Maar dat is niet genoeg voor hem die verder kijkt:
Het meer moet echt getemd, bedwongen en bedijkt.
Zijn water bergt een schat, zijn bodem maakt ons rijk.
Maar hier vang ik mijn vis, treurt men in Harderwijk.
De dijk komt in het meer, het randmeer is een feit.
Nu moet de polder leeg, de pomp begint zijn strijd.

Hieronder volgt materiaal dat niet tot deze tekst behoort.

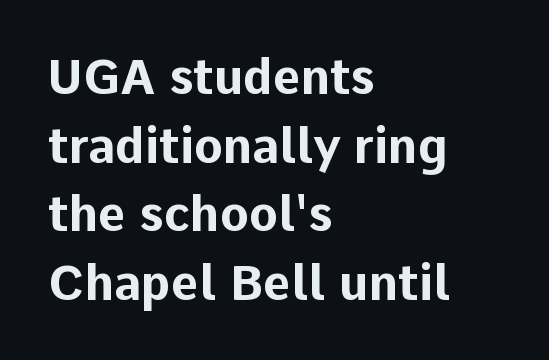
The image shows 48 px bold sans-serif type, upright; set left-aligned, normal line spacing (1.43x), normal letter spacing, not underlined; low stroke contrast and a medium x-height.
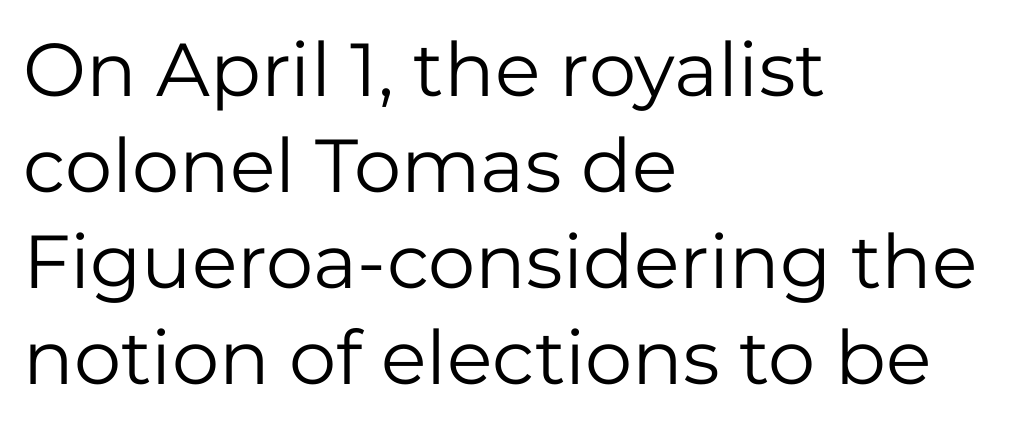
{"serif": "no", "italic": "no", "bold": "no", "weight": "regular", "width": "normal", "stroke_contrast": "low", "x_height": "medium", "monospaced": "no", "underline": "no", "align": "left", "line_spacing": "normal", "line_spacing_ratio": 1.28, "letter_spacing": "normal", "letter_spacing_em": 0.0, "glyph_px": 75}
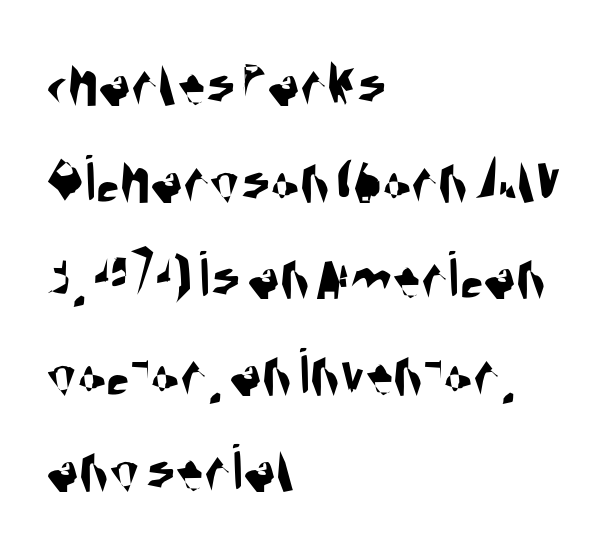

De Veluwnaar beziet de reus van steen en staal.
Fier staat het aan de kim, ’t is Lovink’s trots gemaal.
Zijn schoepen scheppen voort, het water naar omhoog.
Zo komt in korte tijd de nieuwe polder droog.
Daar op zijn gevel staan de boer en visserman.
De pompen staan op wacht, bewaken Lely’s plan.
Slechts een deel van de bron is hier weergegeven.